Plight of Iraqi Refugees - 0 views

  • Plight of Iraqi refugees shapes nuns' visit to Middle East WASHINGTON (CNS) -- A family of six Iraqis lives in a unheated, single room in Beirut, Lebanon -- the adults unable to work legally, the teenager with diabetes unable to get medical care or attend school. The family -- an engineer, his wife and three children, and the wife's brother -- fled violence in their homeland two years after they received threats and their home was fired upon. Once out of the country, they quickly burned through their savings. For Mercy Sister Anne Curtis, the refugee family helped define what she described as abhorrent conditions for the millions of Iraqis who have fled their homeland, most taking up residence in Lebanon or Syria. She was one of a group of eight U.S. women religious from different communities who spent more than a week with Catholic Relief Services in mid-January looking into the problems and aid opportunities for Iraqi refugees in Syria and Lebanon.
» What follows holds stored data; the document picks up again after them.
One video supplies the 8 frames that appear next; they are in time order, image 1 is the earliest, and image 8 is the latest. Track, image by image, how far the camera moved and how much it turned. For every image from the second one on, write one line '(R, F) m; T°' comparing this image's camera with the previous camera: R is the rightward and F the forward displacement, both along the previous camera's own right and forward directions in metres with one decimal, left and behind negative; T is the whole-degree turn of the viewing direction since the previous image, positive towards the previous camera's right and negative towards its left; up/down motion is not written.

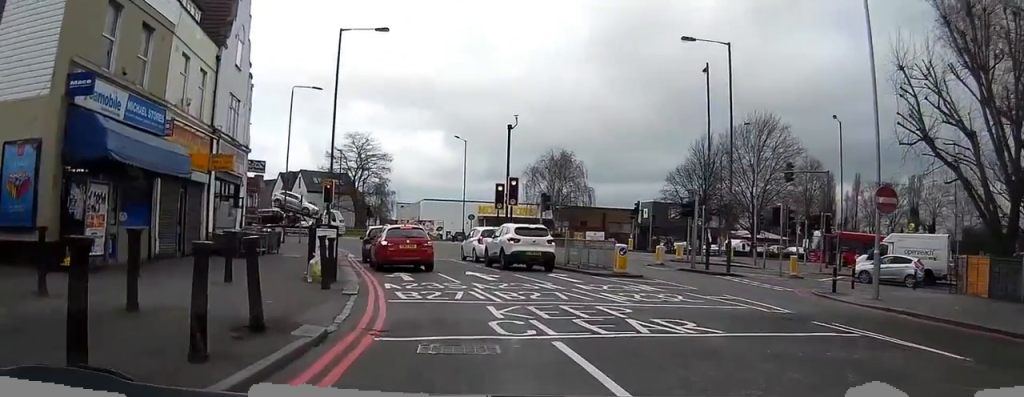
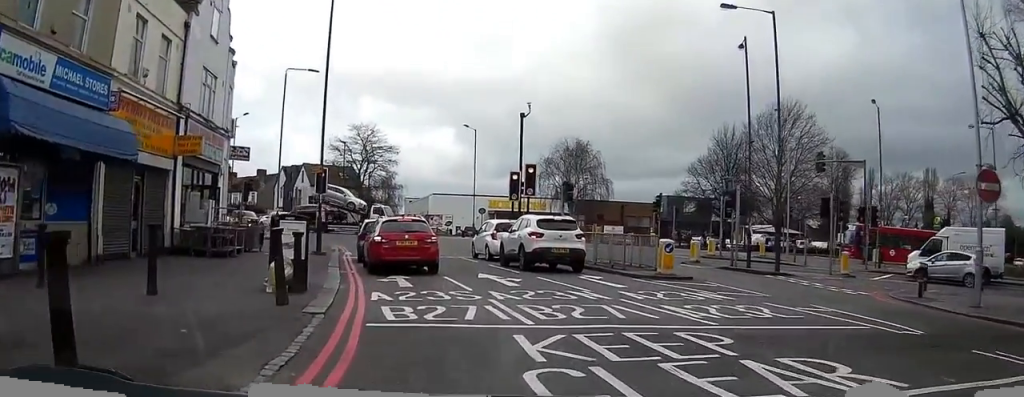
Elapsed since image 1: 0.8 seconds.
(-0.1, +4.0) m; -1°
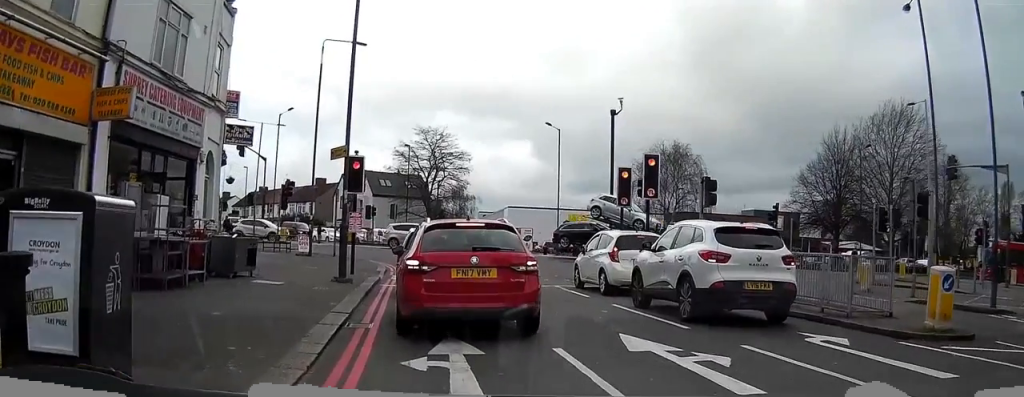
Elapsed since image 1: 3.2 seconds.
(0.0, +9.2) m; -3°
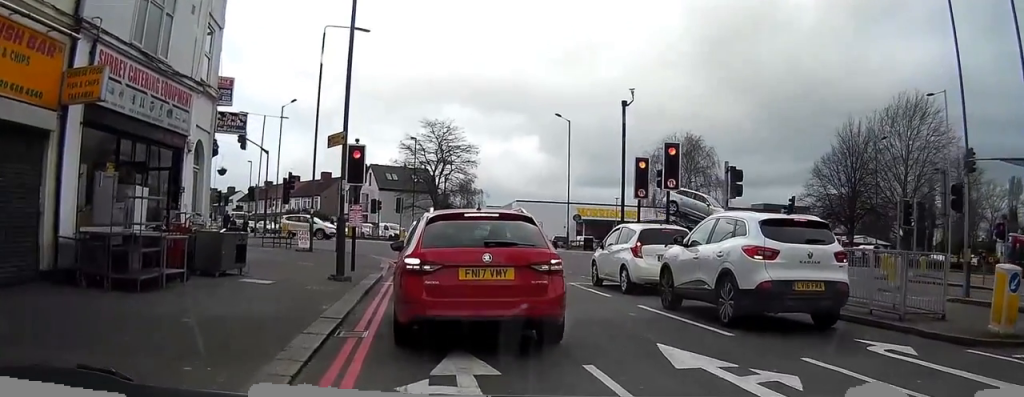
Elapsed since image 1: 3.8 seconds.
(-0.1, +1.3) m; -3°
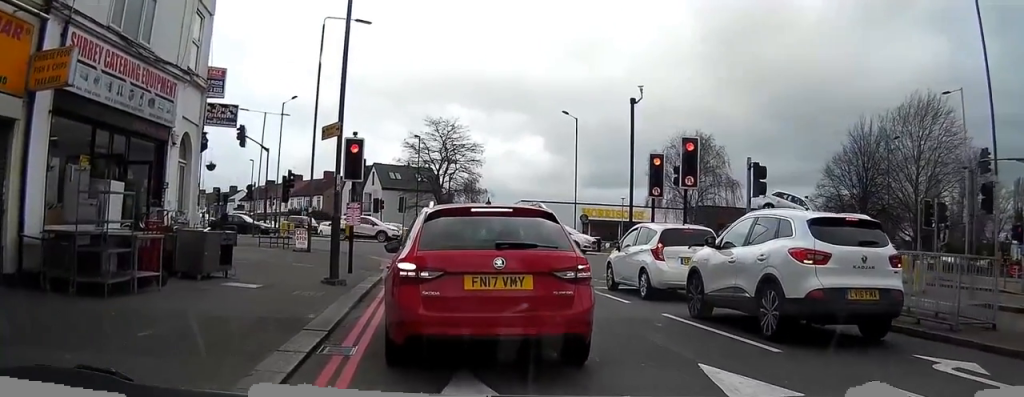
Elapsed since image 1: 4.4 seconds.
(0.0, +1.4) m; -2°
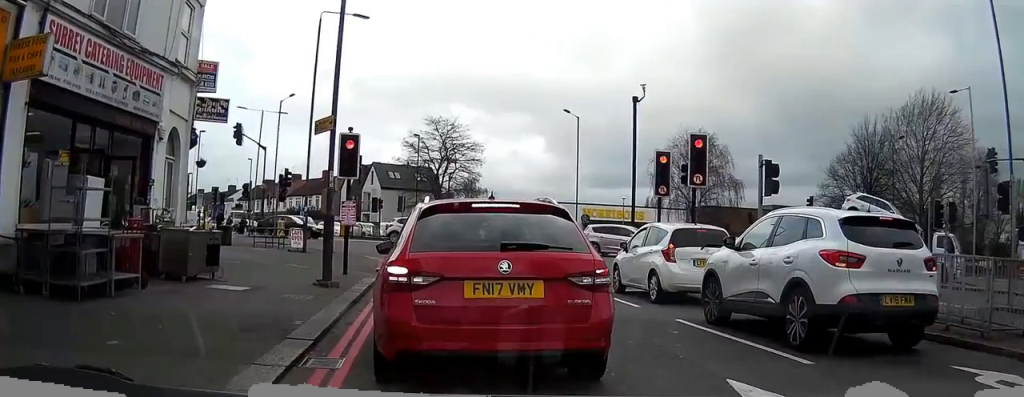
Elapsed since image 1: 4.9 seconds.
(-0.1, +0.8) m; 0°
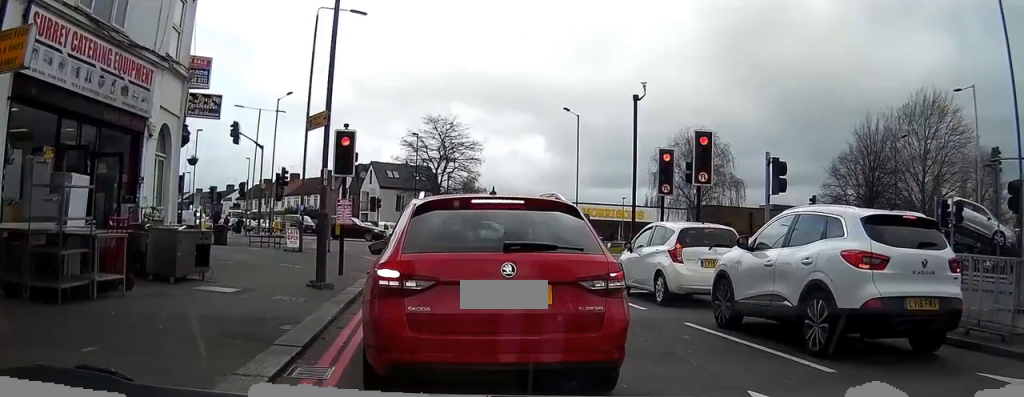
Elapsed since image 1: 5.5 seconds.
(-0.1, +0.6) m; 0°
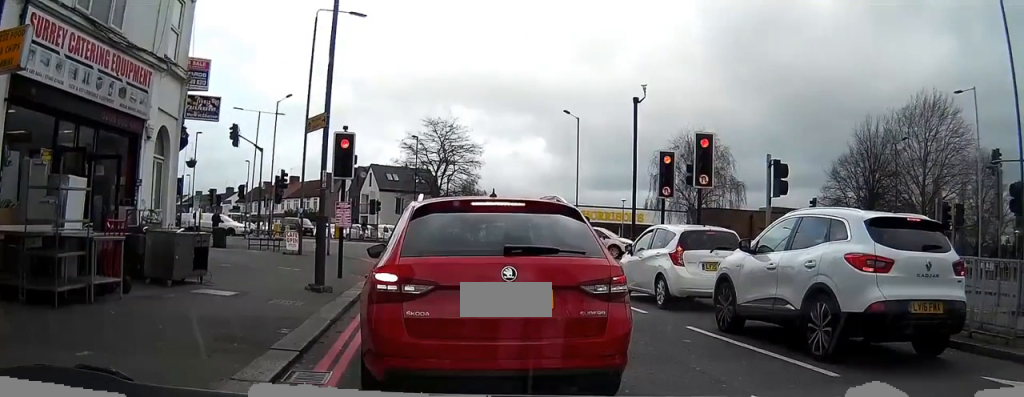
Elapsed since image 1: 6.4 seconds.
(-0.1, +0.4) m; 0°
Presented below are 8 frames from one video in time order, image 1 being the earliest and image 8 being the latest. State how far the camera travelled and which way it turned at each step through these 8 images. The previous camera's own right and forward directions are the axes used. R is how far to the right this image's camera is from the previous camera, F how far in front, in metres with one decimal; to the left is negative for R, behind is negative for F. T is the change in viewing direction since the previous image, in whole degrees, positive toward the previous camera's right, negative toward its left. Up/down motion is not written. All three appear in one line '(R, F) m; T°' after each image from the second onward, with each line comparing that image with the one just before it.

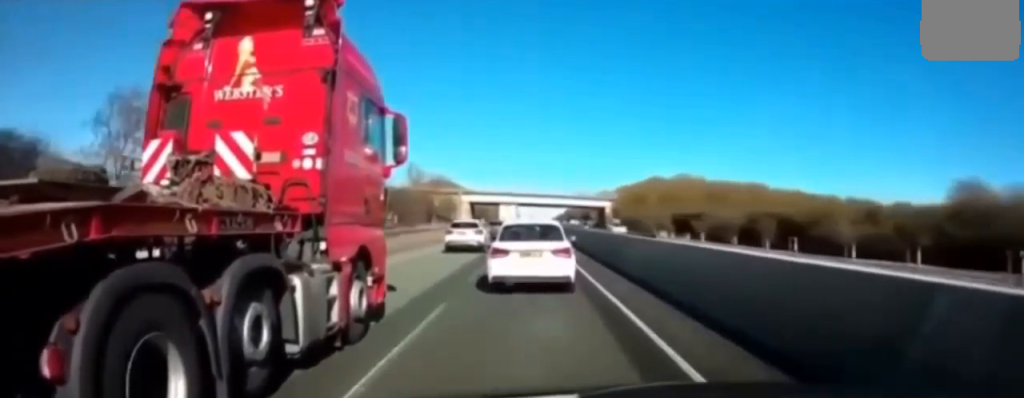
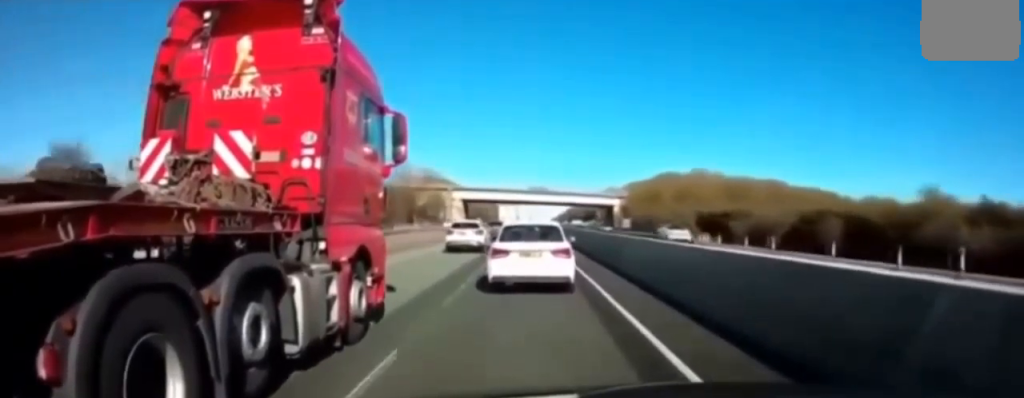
(-0.1, +13.6) m; 0°
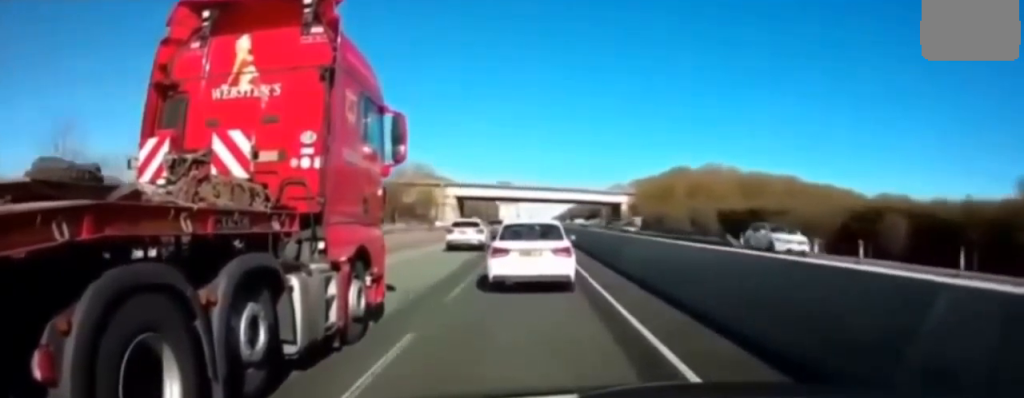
(-0.1, +10.3) m; 0°
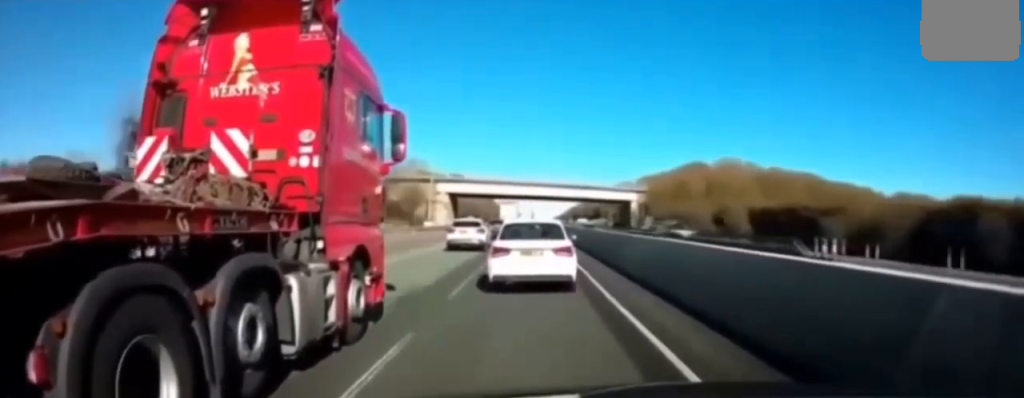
(+0.2, +9.4) m; 0°
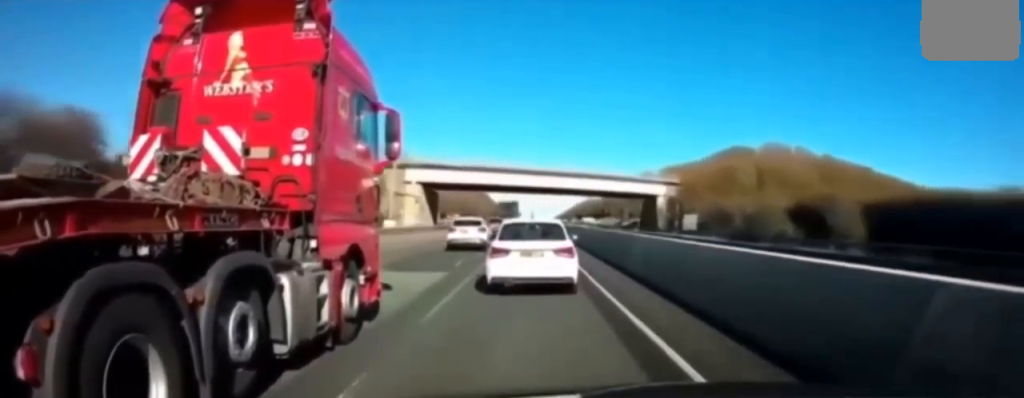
(+0.1, +22.1) m; 0°
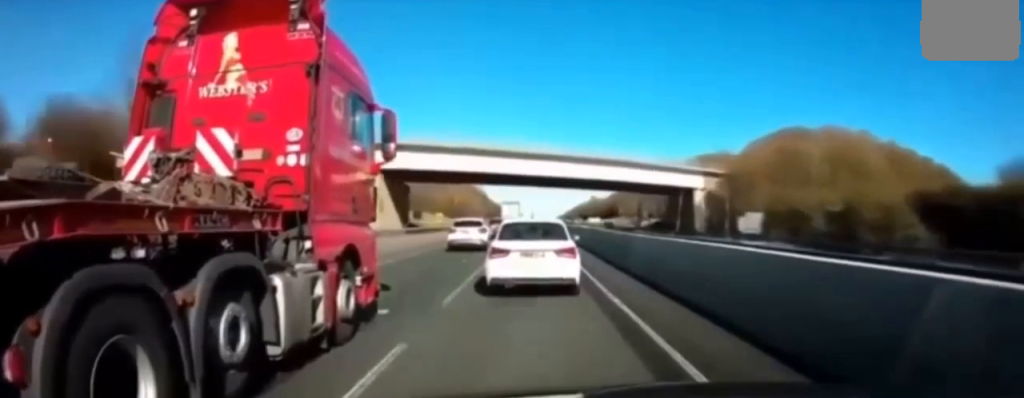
(-0.1, +18.6) m; 0°
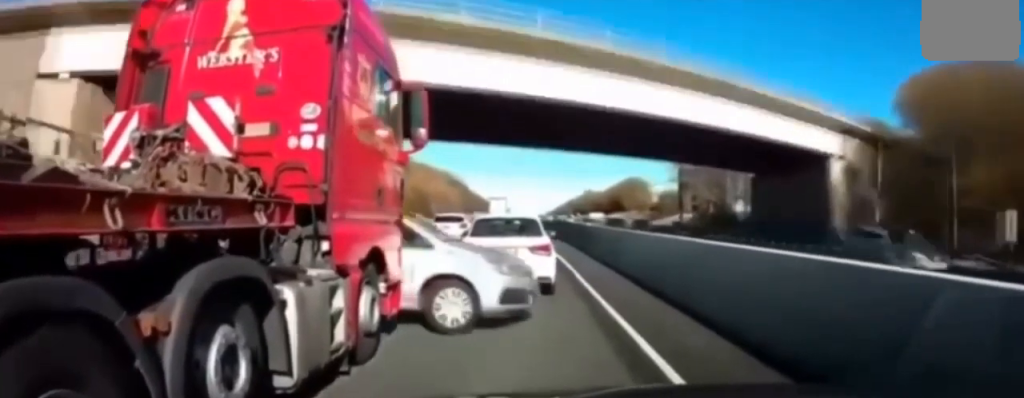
(0.0, +33.5) m; +1°
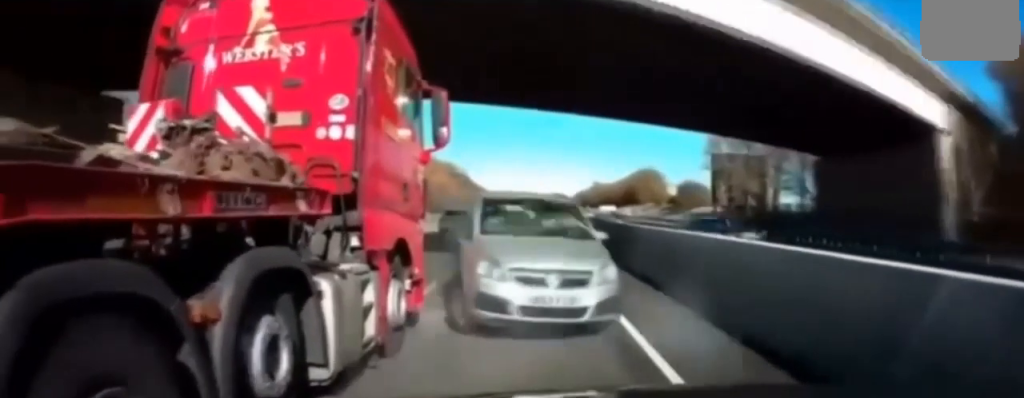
(+0.1, +10.7) m; 0°

CRS is the U.S. bishops' overseas relief and development agency. "I'm still sorting out my impressions," Sister Curtis told Catholic News Service in a phone interview a few days after the delegation returned to the U.S. Jan. 20. During her first few days in the Middle East, she said she felt "an overwhelming sense of sorrow and shame about a U.S. war and the consequences; such massive human suffering."